2.  This time, you will provide multiple pieces of context: the `day1_prd.md` and the `app/main.py` source code. (You will need to load these files).
3.  Ask the LLM to generate a `README.md` file with the following sections:
    * Project Title
    * Overview (based on the PRD)
    * Features
    * API Endpoints (with `curl` examples)
    * Setup and Installation instructions.
4.  Save the final output to `README.md` in the project's root directory.

**Expected Quality:** A complete, professional `README.md` file that provides a comprehensive overview of the project for other developers.

In [10]:
# Load the necessary context files
prd_content = load_artifact("artifacts/day1_prd.md")
api_code = load_artifact("app/main.py")

# TODO: Write a prompt to generate a complete README.md file.
readme_prompt = f"""Act as a technical writer.
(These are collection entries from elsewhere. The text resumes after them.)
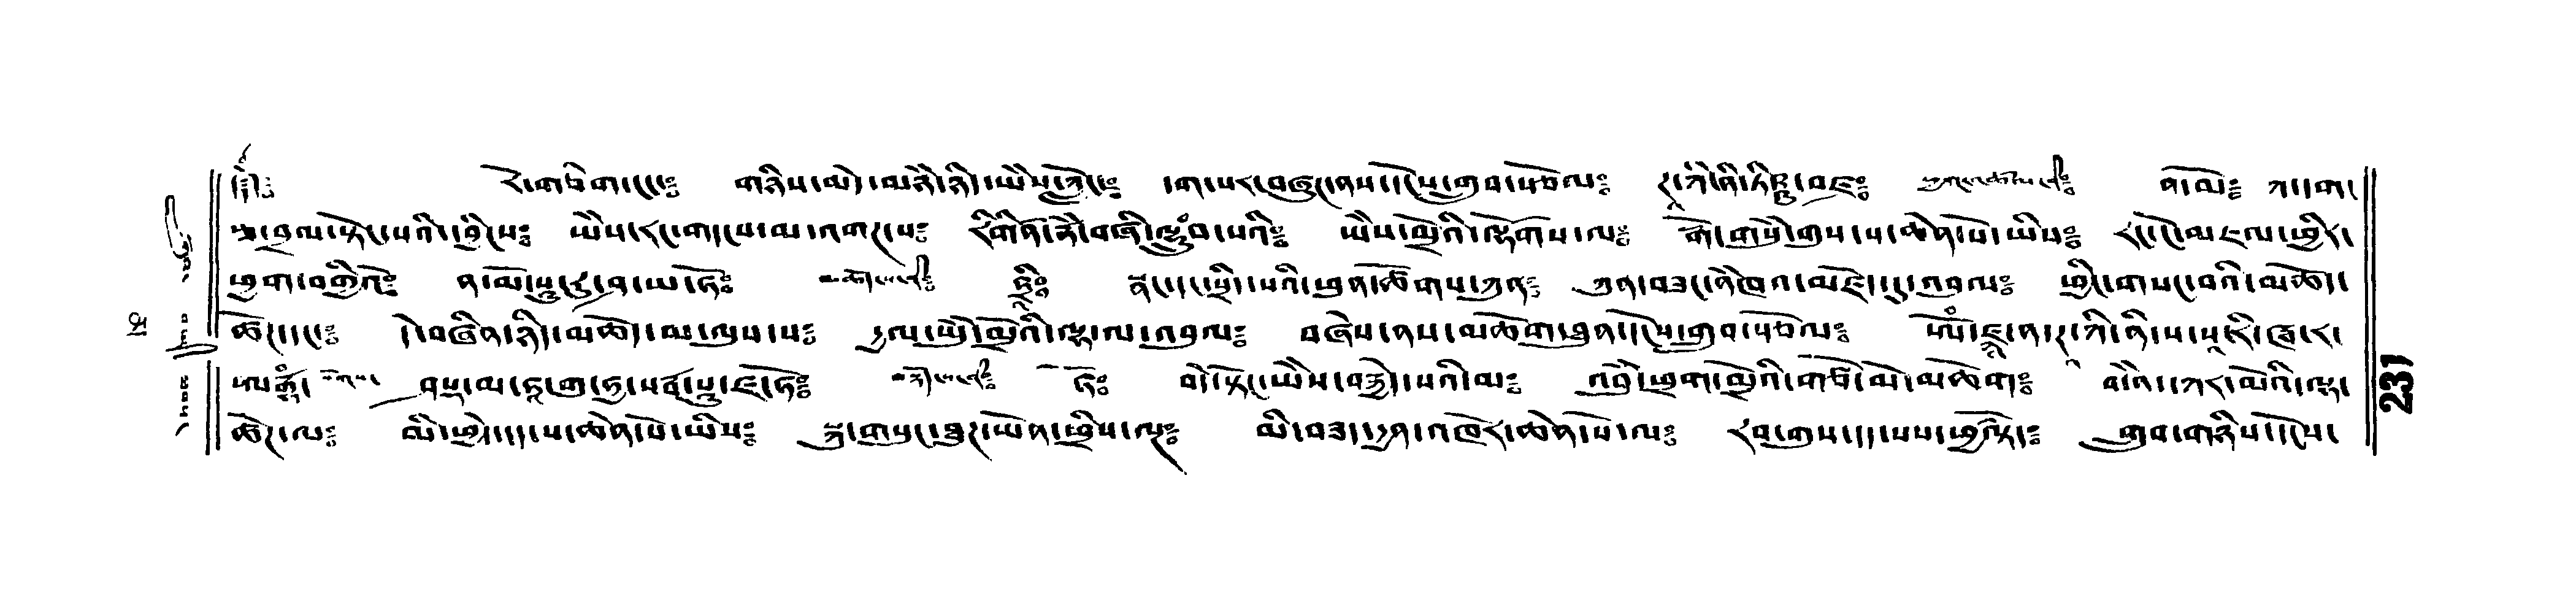རོ་གཅིག་ངང༔ གཉིས་མེད་མཉམ་ཉིད་ཡེ་ཤེས་ཀློང༔ དག་པར་བཞུགས་ནས་དངོས་གྲུབ་སྩོལ༔ ཌཱ་ཀི་ནི་ཏིཥྛ་བཛྲ༔ ཕྱག་འཚལ་ནི༔ ན་མོ༔ ཀ་དག་
རྩ་བྲལ་སྟོང་པའི་དབྱིངས༔ ཡེ་ཤེས་རང་གདངས་མ་འགགས་པ༔ རིག་འཛིན་རྣམ་བཞི་ལྷུན་གྲུབ་པའི༔ ཡེ་ཤེས་མཁའ་འགྲོའི་ལྷ་ཚོགས་ལ༔ སྒོ་གསུམ་གུས་པ་ཆེན་པོ་ཡིས༔ རང་ངོ་མཇལ་ཕྱིར་
ཕྱག་བགྱིའོ༔ ན་མོ་པཱུ་རུ་ཤ་ཡ་ཧོ༔ མཆོད་པ་ནི༔ ཧྲཱིཿ སྣང་དང་སྲིད་པའི་ཕུན་ཚོགས་ཀུན༔ ཀུན་བཟང་ནམ་མཁའ་མཛོད་དུ་འབུལ༔ ཕྱི་ནང་གསང་བའི་མཆོད་
ཚོགས་དང༔ དེ་བཞིན་ཉིད་མཆོད་མ་ལུས་པ༔ རྒྱལ་ཡུམ་མཁའ་འགྲོའི་ལྷ་ལ་འབུལ༔ བཞེས་ནས་མཆོག་ཐུན་དངོས་གྲུབ་སྩོལ༔ ཨོཾ་ཛྙཱ་ན་ཌཱ་ཀི་ནི་ས་པཱ་རི་ཝ་ར་
ཨརྒྷཾ་སོགས༔ ཤཔྡ་མ་ཧཱ་གུ་ཧྱ་སརྦ་པཱུ་ཛ་ཧོ༔ བསྟོད་པ་ནི༔ ཧོཿ བདེ་སྟོང་ཡེ་ཤེས་བསྐྱེད་པའི་མ༔ འབུམ་ཕྲག་མཁའ་འགྲོའི་གཙོ་མོ་མཆོག༔ བདེ་ཆེན་དཀར་མོའི་ལྷ་
ཚོགས་ལ༔ མི་ཕྱེད་དད་པ་ཆེན་པོ་ཡིས༔ སྐུ་གསུང་ཐུགས་ཡོན་ཕྲིན་ལས་ལྔ༔མི་བཟད་རྒྱན་འཁོར་ཆེན་པོ་ལ༔ རབ་གུས་དད་པས་ཕྱག་འཚལ་བསྟོད༔ གྲུབ་གཉིས་དངོས་

Generate a comprehensive README.md file for the project based on the following PRD and API code.

PRD:
{prd_content}

API code:
{api_code}

The README.md should include the following sections:
- Project Title
- Overview (based on the PRD)
- Features
- FastAPI Endpoints (with curl examples) http://127.0.0.1:8000
- Setup and Installation instructions
"""

print("--- Generating Project README ---")
if prd_content and api_code:
    readme_content = get_completion(readme_prompt, client, model_name, api_provider)
    cleaned_readme = clean_llm_output(readme_content, language='markdown')
    print(cleaned_readme)
    save_artifact(cleaned_readme, "README.md")
else:
    print("Skipping README generation because PRD or API code is missing.")

--- Generating Project README ---
# Product Requirements Document: Example Product

## Overview

This project aims to create a comprehensive onboarding platform that streamlines the onboarding process for new hires. Our platform provides a centralized, user-friendly interface designed to improve productivity and engagement by minimizing the friction typically associated with onboarding. 

### Vision
To enhance productivity and engagement for new hires by reducing onboarding friction.

### Problem Statement
New hires currently face a fragmented and overwhelming onboarding experience, which leads to confusion and inefficiency.

### Key Goals
1. **Improve New Hire Efficiency**: Reduce the time-to-first-contribution by 20% in Q1.
2. **Reduce Support Load**: Decrease repetitive questions to HR by 30%.
3. **Increase Engagement**: Achieve a 95% onboarding completion rate.

## Features

- **User Authentication**: Secure login via company credentials.
- **Task Checklist**: Personalized onboardi

## Lab Conclusion

Well done! You have used an LLM to perform two of the most valuable code quality tasks: refactoring and documentation. You've seen how AI can help transform messy code into a clean, maintainable structure and how it can generate comprehensive documentation from high-level project artifacts and source code. These skills are a massive productivity multiplier for any development team.

> **Key Takeaway:** LLMs excel at understanding and generating structured text, whether that structure is code or documentation. Providing a clear 'before' state (the bad code) and a clear goal (the refactoring principles) allows the AI to perform complex code transformation and documentation tasks efficiently.